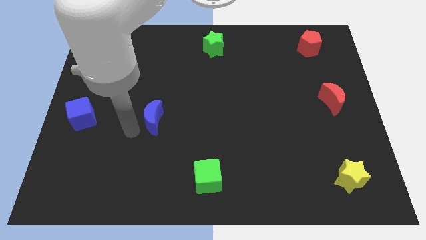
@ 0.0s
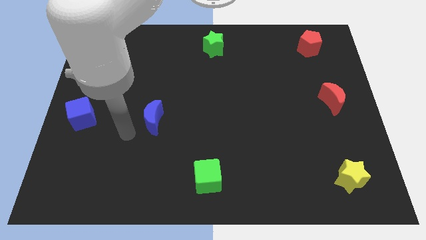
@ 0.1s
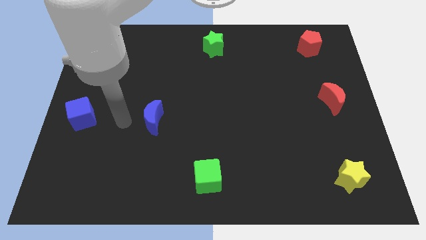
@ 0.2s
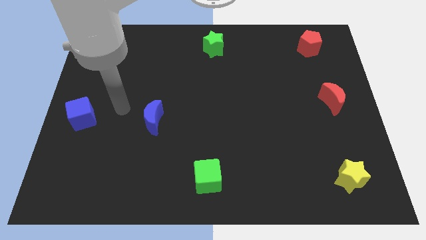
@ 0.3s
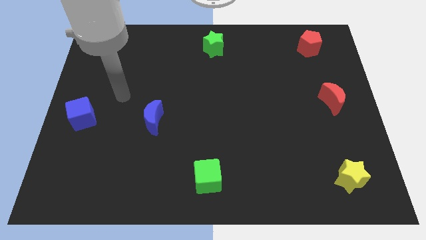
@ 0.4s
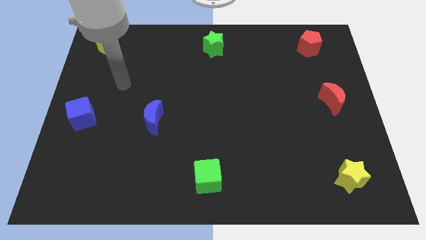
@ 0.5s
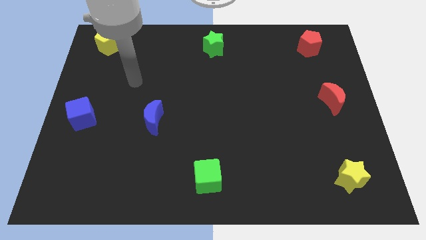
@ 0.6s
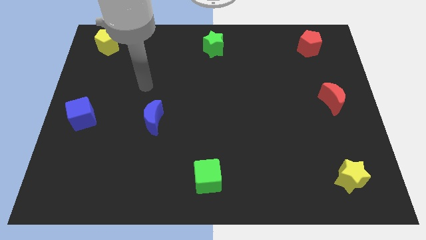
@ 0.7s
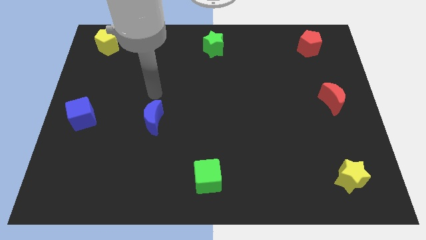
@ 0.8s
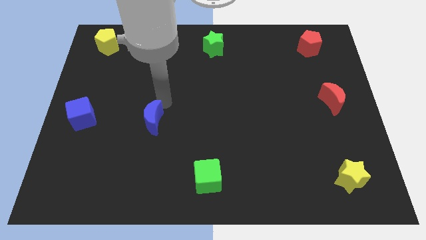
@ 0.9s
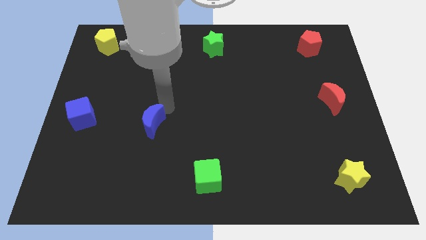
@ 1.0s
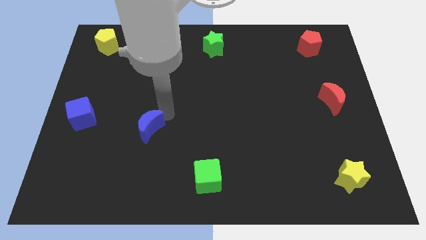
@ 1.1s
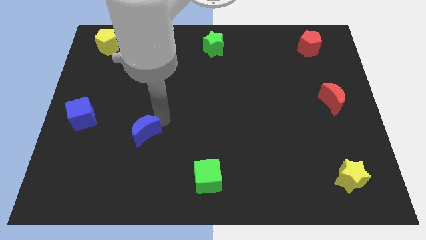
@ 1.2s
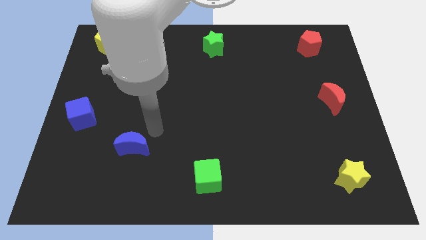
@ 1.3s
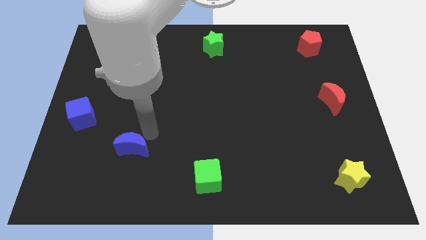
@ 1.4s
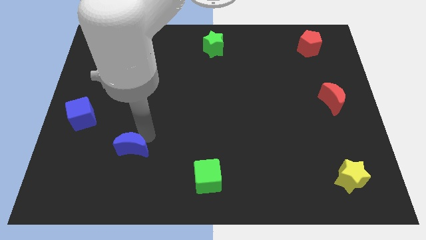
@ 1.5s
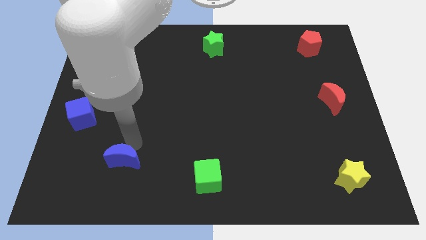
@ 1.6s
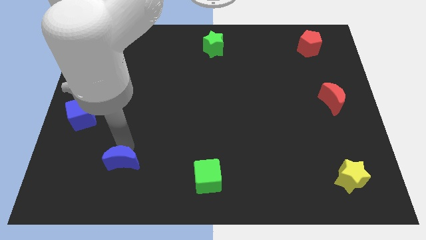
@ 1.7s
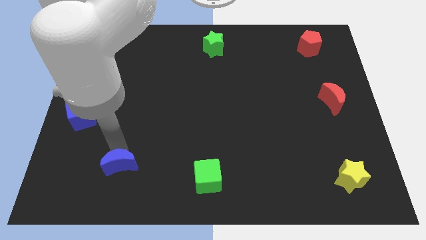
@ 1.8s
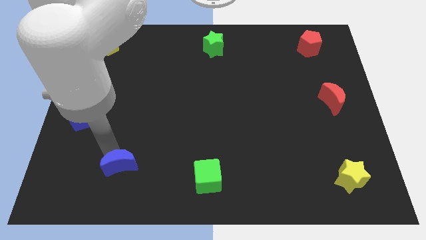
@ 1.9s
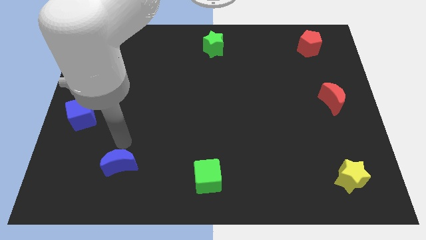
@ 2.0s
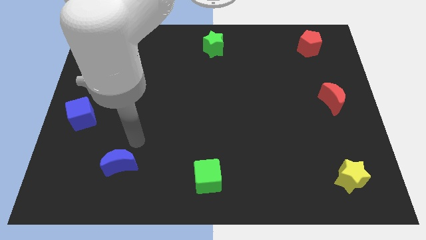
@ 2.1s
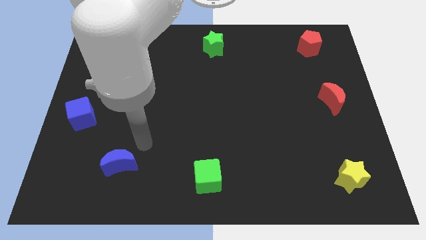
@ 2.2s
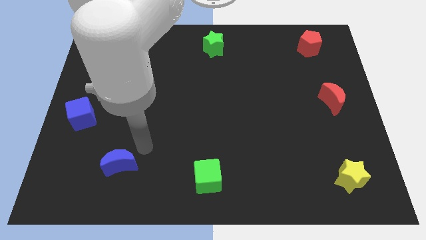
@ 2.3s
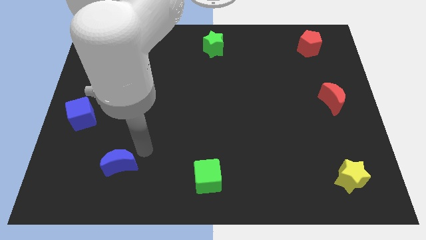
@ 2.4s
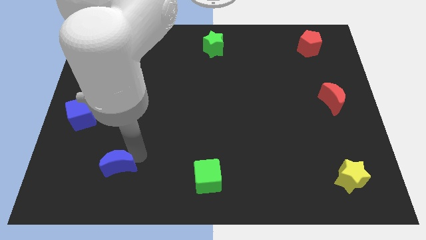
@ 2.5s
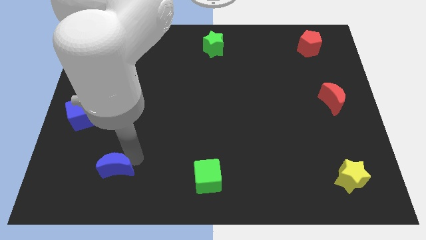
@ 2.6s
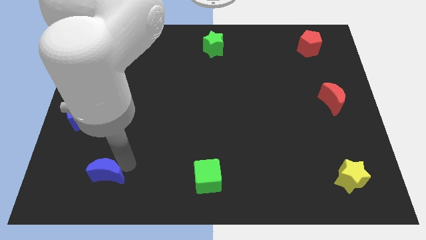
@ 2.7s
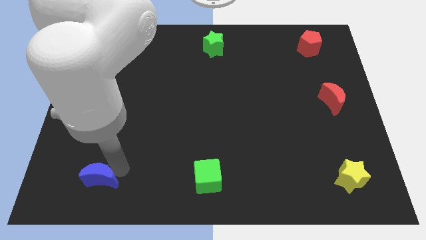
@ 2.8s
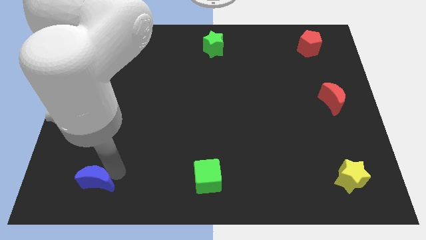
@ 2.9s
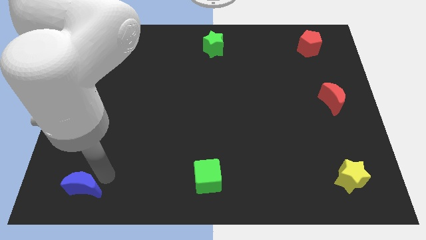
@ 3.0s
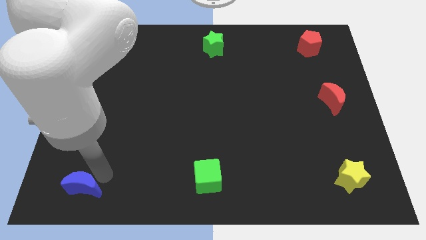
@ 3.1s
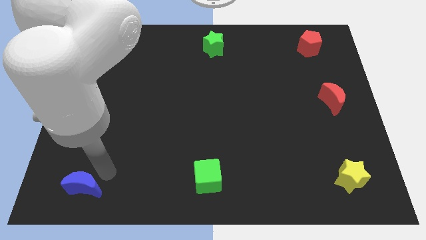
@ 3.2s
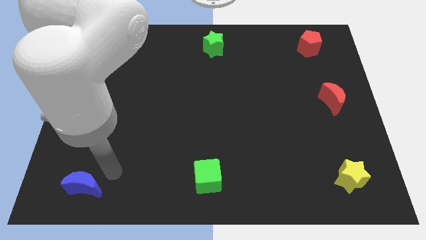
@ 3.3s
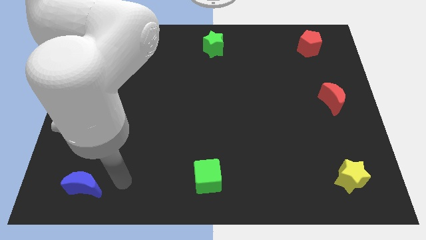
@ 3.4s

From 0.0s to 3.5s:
push the blue crescent to the bottom left

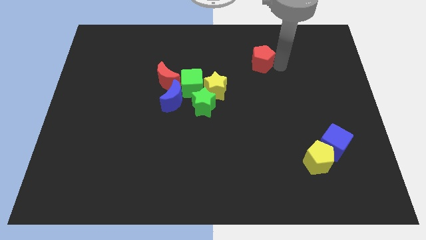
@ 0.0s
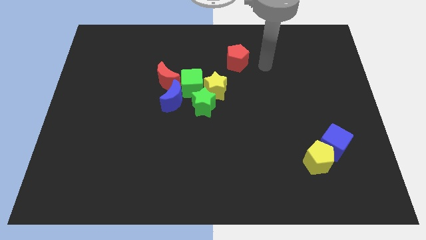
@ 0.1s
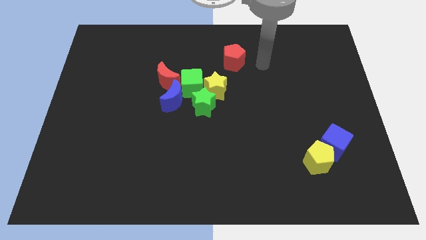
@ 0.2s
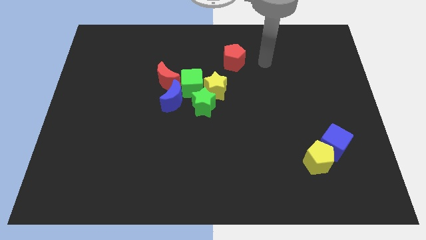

- **Work instruction**
Output the material above verbatim but exclude each picture.

- **Your solution**
@ 0.0s
@ 0.1s
@ 0.2s
@ 0.3s
@ 0.4s
@ 0.5s
@ 0.6s
@ 0.7s
@ 0.8s
@ 0.9s
@ 1.0s
@ 1.1s
@ 1.2s
@ 1.3s
@ 1.4s
@ 1.5s
@ 1.6s
@ 1.7s
@ 1.8s
@ 1.9s
@ 2.0s
@ 2.1s
@ 2.2s
@ 2.3s
@ 2.4s
@ 2.5s
@ 2.6s
@ 2.7s
@ 2.8s
@ 2.9s
@ 3.0s
@ 3.1s
@ 3.2s
@ 3.3s
@ 3.4s

From 0.0s to 3.5s:
push the blue crescent to the bottom left

@ 0.0s
@ 0.1s
@ 0.2s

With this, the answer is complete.